REQUIRED ACTION: Restate every entry verbatim; drop the pictures.

Source data:
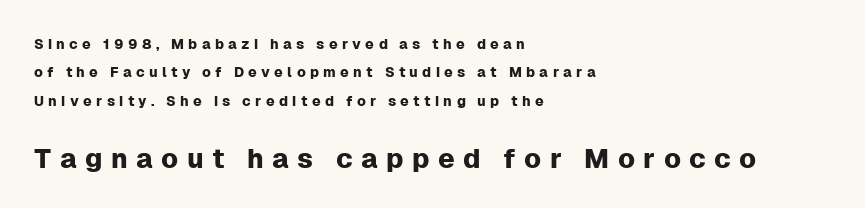
Q: Is the text italic (slanted)? A: No, it is upright.
Q: Is the text underlined? A: No.
Q: How is the paragraph aligned? A: Left-aligned.
Q: Is the spacing between letters normal or unusually wide? A: Unusually wide.
Q: Is the spacing between lines tight, normal or loose? A: Loose.
Q: Which block of text is set in a larger size, the first (top) or the second (bottom)? A: The second (bottom) one.
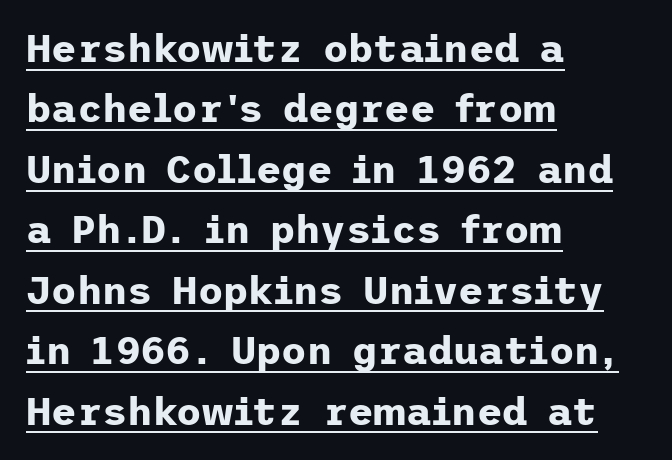
The image shows 39 px bold sans-serif type, upright; set left-aligned, normal line spacing (1.55x), normal letter spacing, underlined; low stroke contrast and a medium x-height.
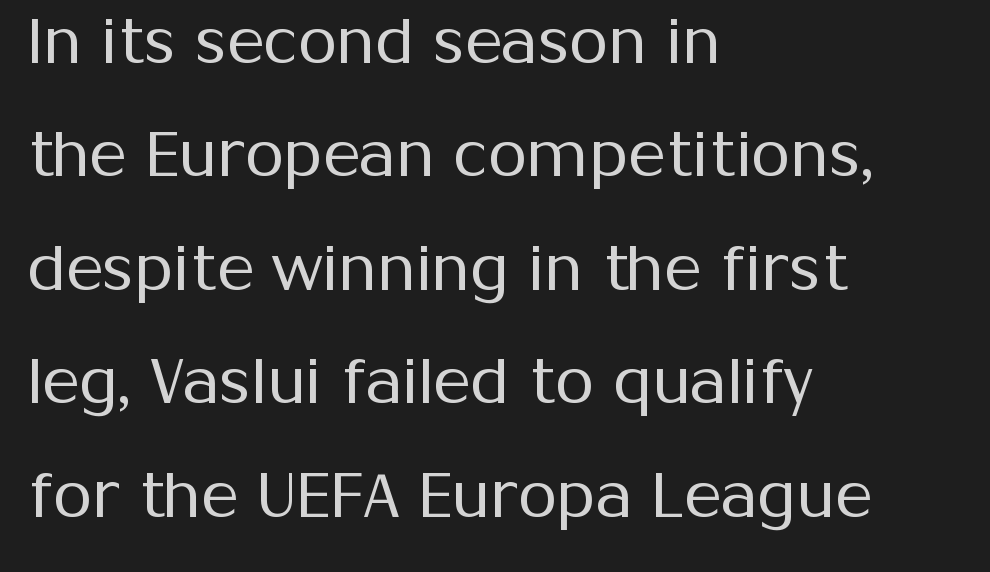
{"serif": "no", "italic": "no", "bold": "no", "weight": "regular", "width": "normal", "stroke_contrast": "medium", "x_height": "medium", "monospaced": "no", "underline": "no", "align": "left", "line_spacing_ratio": 1.8, "letter_spacing": "normal", "letter_spacing_em": 0.0, "glyph_px": 63}
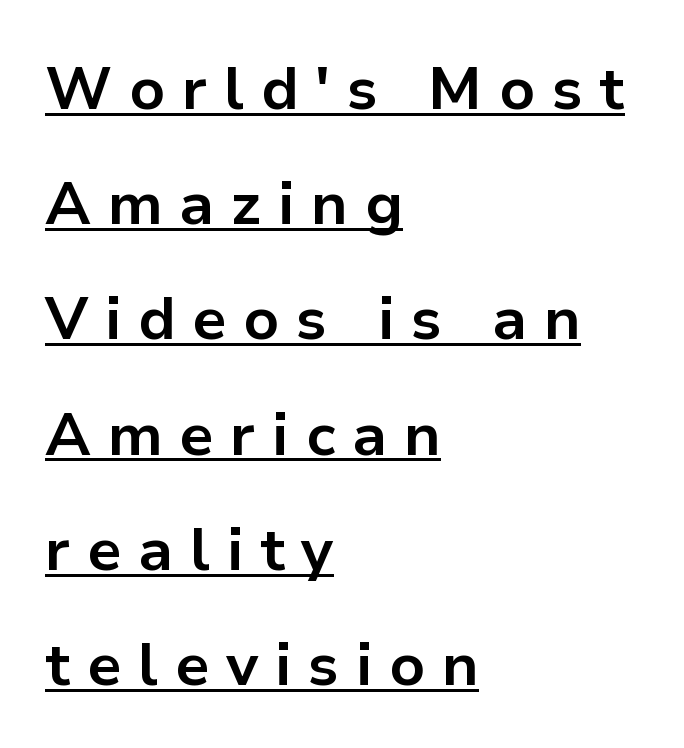
{"serif": "no", "italic": "no", "bold": "yes", "weight": "bold", "width": "normal", "stroke_contrast": "low", "x_height": "medium", "monospaced": "no", "underline": "yes", "align": "left", "line_spacing": "loose", "line_spacing_ratio": 1.92, "letter_spacing": "wide", "letter_spacing_em": 0.28, "glyph_px": 60}
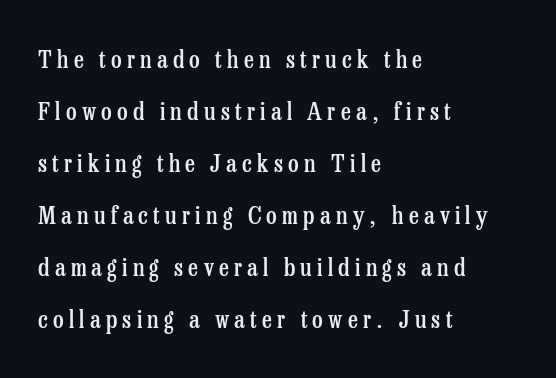
Only glyphs here, with clear space below each row. Posture: upright roman. Set as a demibold, roughly 600 on the weight scale. The leading is generous, giving the passage an open texture. All the whitespace from short lines collects on the right. Tracking value appears strongly positive — letters spread wide.
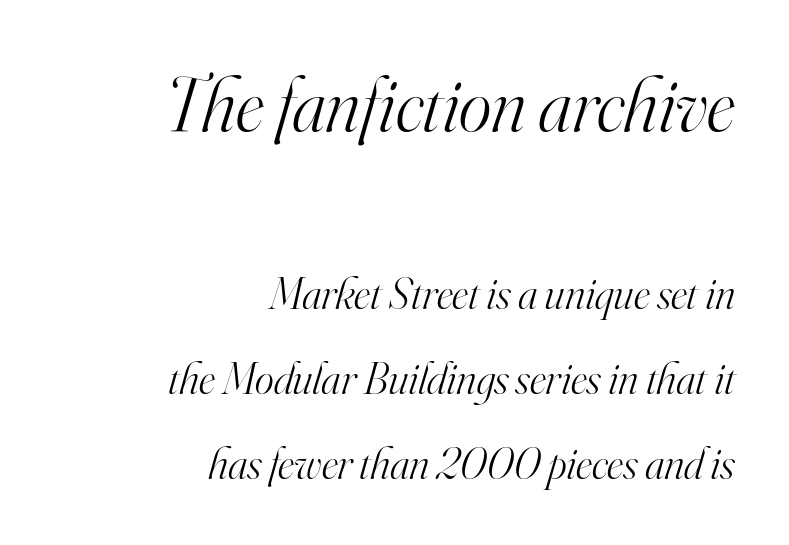
Q: Is the text bold? A: No.
Q: Is the text italic (slanted)? A: Yes, it leans right by about 16 degrees.
Q: Is the typeface a serif or a sans-serif typeface? A: Serif.
Q: Is the text underlined? A: No.
Q: How is the paragraph aligned? A: Right-aligned.
Q: Is the spacing between letters normal or unusually wide? A: Normal.
Q: Which block of text is set in a larger size, the first (top) or the second (bottom)? A: The first (top) one.
Q: Width (condensed, normal, or wide)? A: Normal.
Q: Stroke contrast? A: High.
Q: x-height? A: Small.
Q: Monospaced? A: No.
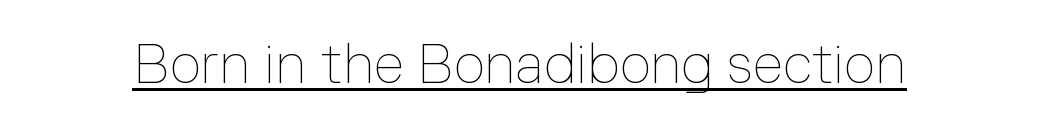
{"italic": "no", "bold": "no", "weight": "thin", "width": "normal", "stroke_contrast": "low", "x_height": "medium", "monospaced": "no", "underline": "yes", "letter_spacing": "normal", "letter_spacing_em": 0.0, "glyph_px": 55}
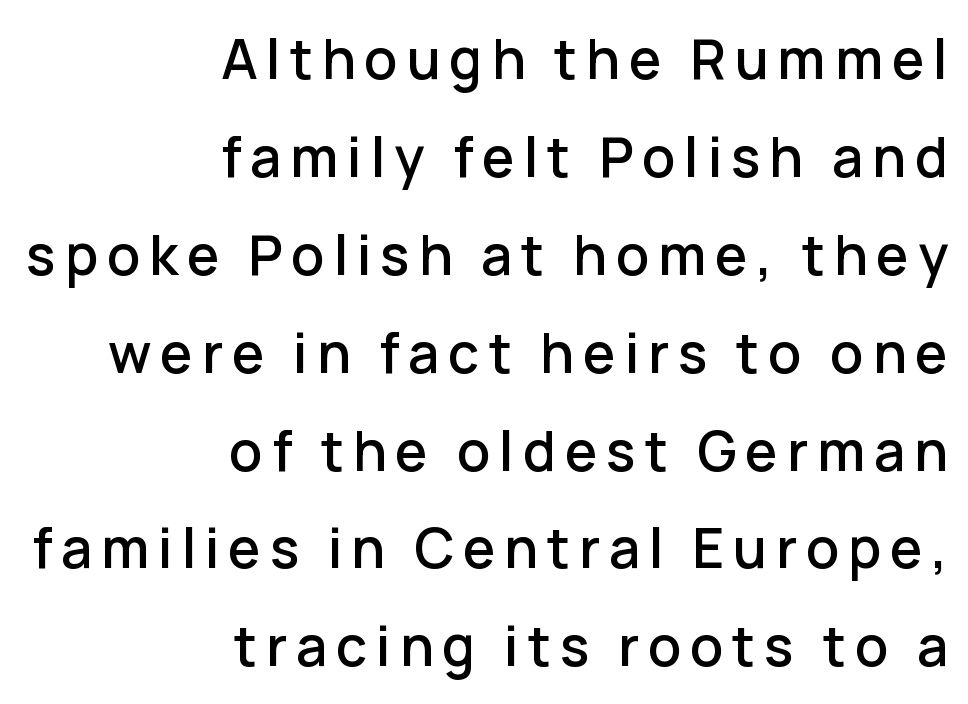
{"serif": "no", "italic": "no", "width": "normal", "stroke_contrast": "low", "x_height": "medium", "monospaced": "no", "underline": "no", "align": "right", "line_spacing_ratio": 1.78, "glyph_px": 55}

SOLUTION FOR THIS EXERCISE:
Q: Is the text italic (slanted)? A: No, it is upright.
Q: Is the text underlined? A: No.
Q: How is the paragraph aligned? A: Left-aligned.
Q: Is the spacing between letters normal or unusually wide? A: Unusually wide.
Q: Is the spacing between lines tight, normal or loose? A: Loose.
Q: Which block of text is set in a larger size, the first (top) or the second (bottom)? A: The second (bottom) one.
The image shows 39 px bold sans-serif type, upright; set left-aligned, normal line spacing (1.55x), normal letter spacing, underlined; low stroke contrast and a medium x-height.
{"serif": "no", "italic": "no", "bold": "no", "weight": "regular", "width": "normal", "stroke_contrast": "medium", "x_height": "medium", "monospaced": "no", "underline": "no", "align": "left", "line_spacing_ratio": 1.8, "letter_spacing": "normal", "letter_spacing_em": 0.0, "glyph_px": 63}
{"serif": "no", "italic": "no", "bold": "yes", "weight": "bold", "width": "normal", "stroke_contrast": "low", "x_height": "medium", "monospaced": "no", "underline": "yes", "align": "left", "line_spacing": "loose", "line_spacing_ratio": 1.92, "letter_spacing": "wide", "letter_spacing_em": 0.28, "glyph_px": 60}
Only glyphs here, with clear space below each row. Posture: upright roman. Set as a demibold, roughly 600 on the weight scale. The leading is generous, giving the passage an open texture. All the whitespace from short lines collects on the right. Tracking value appears strongly positive — letters spread wide.
Q: Is the text bold? A: No.
Q: Is the text italic (slanted)? A: Yes, it leans right by about 16 degrees.
Q: Is the typeface a serif or a sans-serif typeface? A: Serif.
Q: Is the text underlined? A: No.
Q: How is the paragraph aligned? A: Right-aligned.
Q: Is the spacing between letters normal or unusually wide? A: Normal.
Q: Which block of text is set in a larger size, the first (top) or the second (bottom)? A: The first (top) one.
Q: Width (condensed, normal, or wide)? A: Normal.
Q: Stroke contrast? A: High.
Q: x-height? A: Small.
Q: Monospaced? A: No.
{"italic": "no", "bold": "no", "weight": "thin", "width": "normal", "stroke_contrast": "low", "x_height": "medium", "monospaced": "no", "underline": "yes", "letter_spacing": "normal", "letter_spacing_em": 0.0, "glyph_px": 55}
{"serif": "no", "italic": "no", "width": "normal", "stroke_contrast": "low", "x_height": "medium", "monospaced": "no", "underline": "no", "align": "right", "line_spacing_ratio": 1.78, "glyph_px": 55}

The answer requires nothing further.